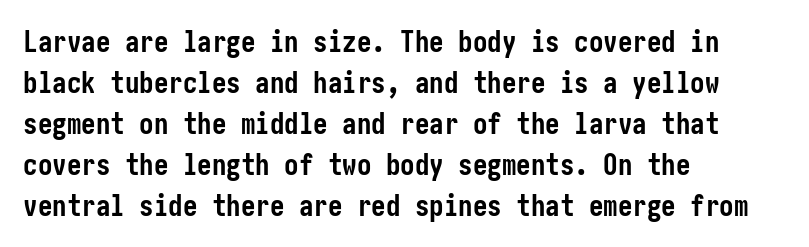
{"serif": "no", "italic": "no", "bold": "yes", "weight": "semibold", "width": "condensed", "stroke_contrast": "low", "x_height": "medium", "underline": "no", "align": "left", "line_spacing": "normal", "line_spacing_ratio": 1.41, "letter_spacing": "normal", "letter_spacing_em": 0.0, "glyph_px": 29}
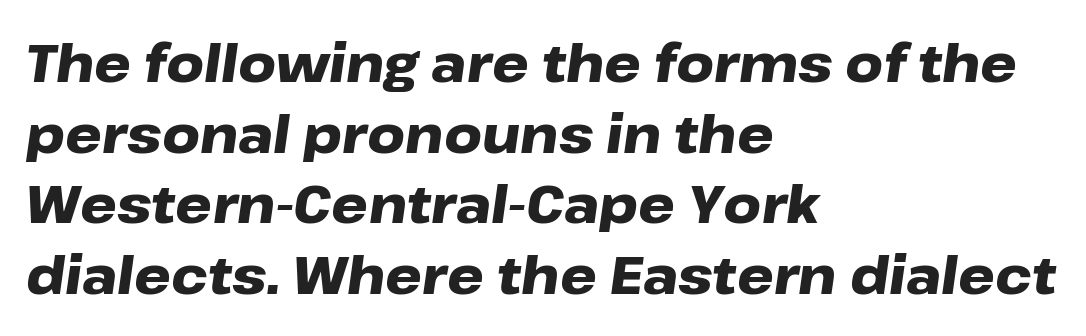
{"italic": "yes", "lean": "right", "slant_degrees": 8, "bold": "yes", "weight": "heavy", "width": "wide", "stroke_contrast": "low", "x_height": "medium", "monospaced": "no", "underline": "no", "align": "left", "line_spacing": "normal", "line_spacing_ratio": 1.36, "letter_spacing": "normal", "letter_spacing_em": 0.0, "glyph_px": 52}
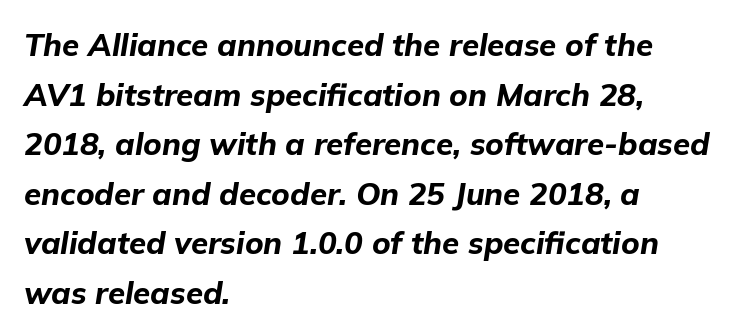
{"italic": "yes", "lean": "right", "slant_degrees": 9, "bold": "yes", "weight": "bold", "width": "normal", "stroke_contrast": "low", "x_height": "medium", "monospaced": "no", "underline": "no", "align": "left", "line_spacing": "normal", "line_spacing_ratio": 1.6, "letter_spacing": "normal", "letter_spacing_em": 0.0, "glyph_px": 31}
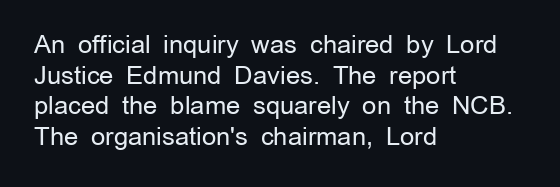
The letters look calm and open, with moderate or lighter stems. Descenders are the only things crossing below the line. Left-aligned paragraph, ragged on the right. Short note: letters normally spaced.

§ **Brief**
A word-for-word copy of all the data is required, minus the pictures.

§ **Solution for this task**
{"serif": "no", "italic": "no", "bold": "yes", "weight": "semibold", "width": "condensed", "stroke_contrast": "low", "x_height": "medium", "underline": "no", "align": "left", "line_spacing": "normal", "line_spacing_ratio": 1.41, "letter_spacing": "normal", "letter_spacing_em": 0.0, "glyph_px": 29}
{"italic": "yes", "lean": "right", "slant_degrees": 8, "bold": "yes", "weight": "heavy", "width": "wide", "stroke_contrast": "low", "x_height": "medium", "monospaced": "no", "underline": "no", "align": "left", "line_spacing": "normal", "line_spacing_ratio": 1.36, "letter_spacing": "normal", "letter_spacing_em": 0.0, "glyph_px": 52}
{"italic": "yes", "lean": "right", "slant_degrees": 9, "bold": "yes", "weight": "bold", "width": "normal", "stroke_contrast": "low", "x_height": "medium", "monospaced": "no", "underline": "no", "align": "left", "line_spacing": "normal", "line_spacing_ratio": 1.6, "letter_spacing": "normal", "letter_spacing_em": 0.0, "glyph_px": 31}
The letters look calm and open, with moderate or lighter stems. Descenders are the only things crossing below the line. Left-aligned paragraph, ragged on the right. Short note: letters normally spaced.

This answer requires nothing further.